In 1965 Their Lordships, in their wisdom, saw fit to send me as a Sub Lieutenant watchkeeper to the Prince Louis at the Moray Outward Bound Sea School, Elgin, Scotland. This was certainly different to watch I had just completed doing in Singapore in HMS CAESAR. At the time Prince Louis was commanded by Commander Victor Clark DSC RN. We operated out of Burghead (also used as the name of a BAY-Class frigate). We had a Master (Victor Clark), a Mate (ex-Merchant Navy), an Engineer, myself (RN) and another watchkeeper (British Army - never quite figured that one out).

We took groups of 24 teenage boys on three day cruises off the eastern cost of Scotland. On one of those cruises the wind was so favourable that we actually made it to the Orkneys and I have a photo of us under full sail off Stromness. I should add that this photo does NOT resemble the pic elsewhere on this website.

When the young men arrived onboard CDR Clark gave them a welcoming address.

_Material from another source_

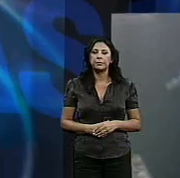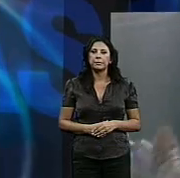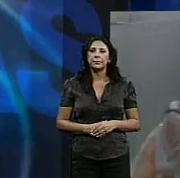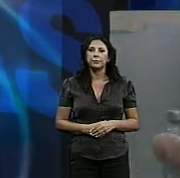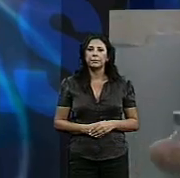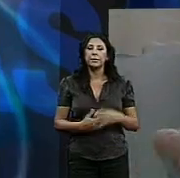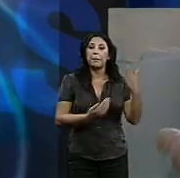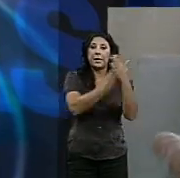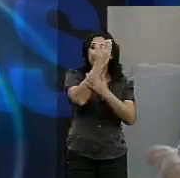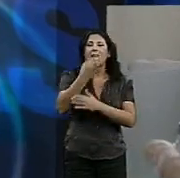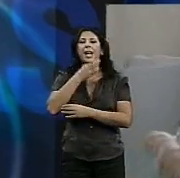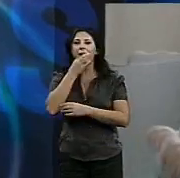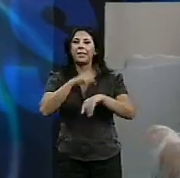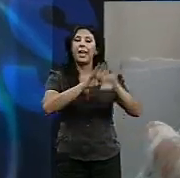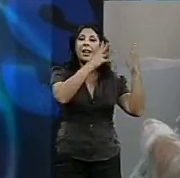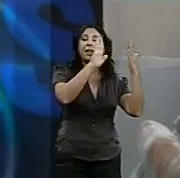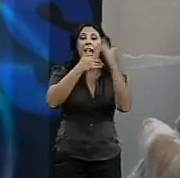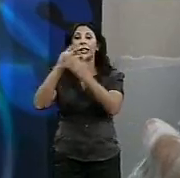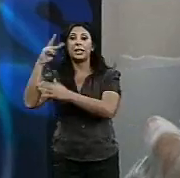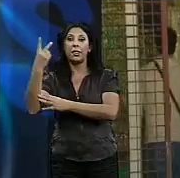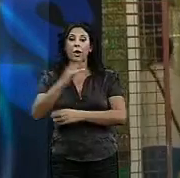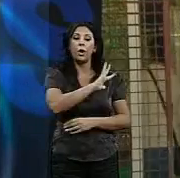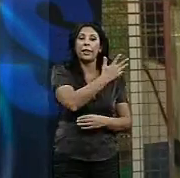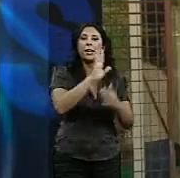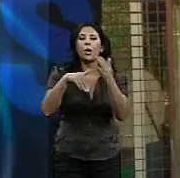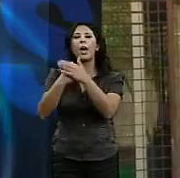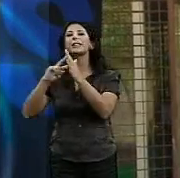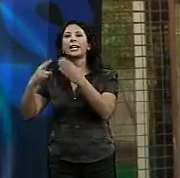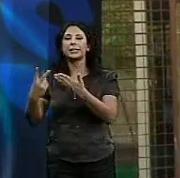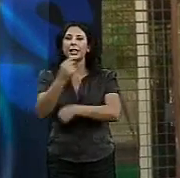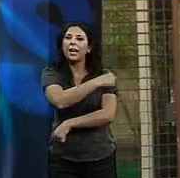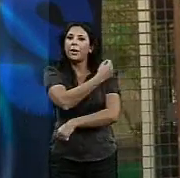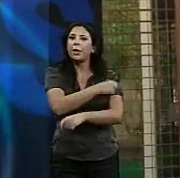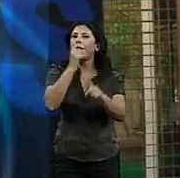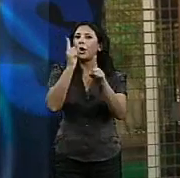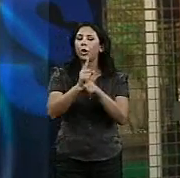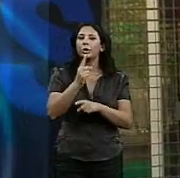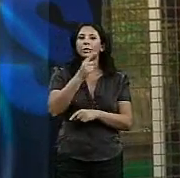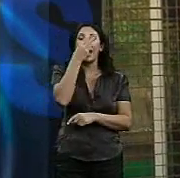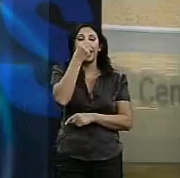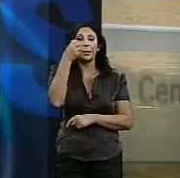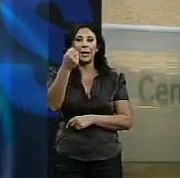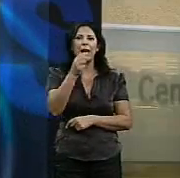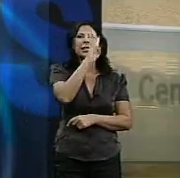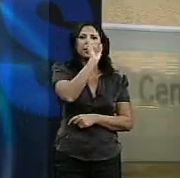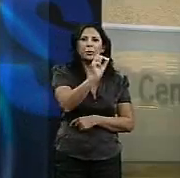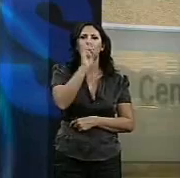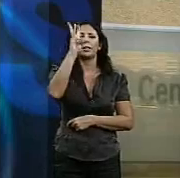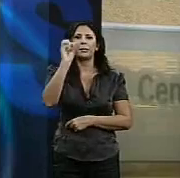Mañana y tarde, de 10 a 2 y de 5 a 7, una vacunación contra la gripe A cada 3 minutos en este centro de salud de

Later that same day, in the true tradition of the Royal Navy not wishing to waste a moment of anyone's time on board, he also gave a presentation of his voyage around the world in his ketch SOLACE. I have a signed copy of his book about this three-year epic.

Prince Louis was built in Denmark during WW2. A striking feature of her construction was the closeness of her ribs. They were so close that you could not put you clenched fist between them. The story, true or false, was that as this was a wartime construction the builders were intent on occupying the slipway for as long as possible whilst using as much material as possible. They were alleged to have partially dismantled the vessel overnight. If it is not true, at least its a good story.

The strength of her hull was tested twice a day in Scotland when we grounded in Burghead.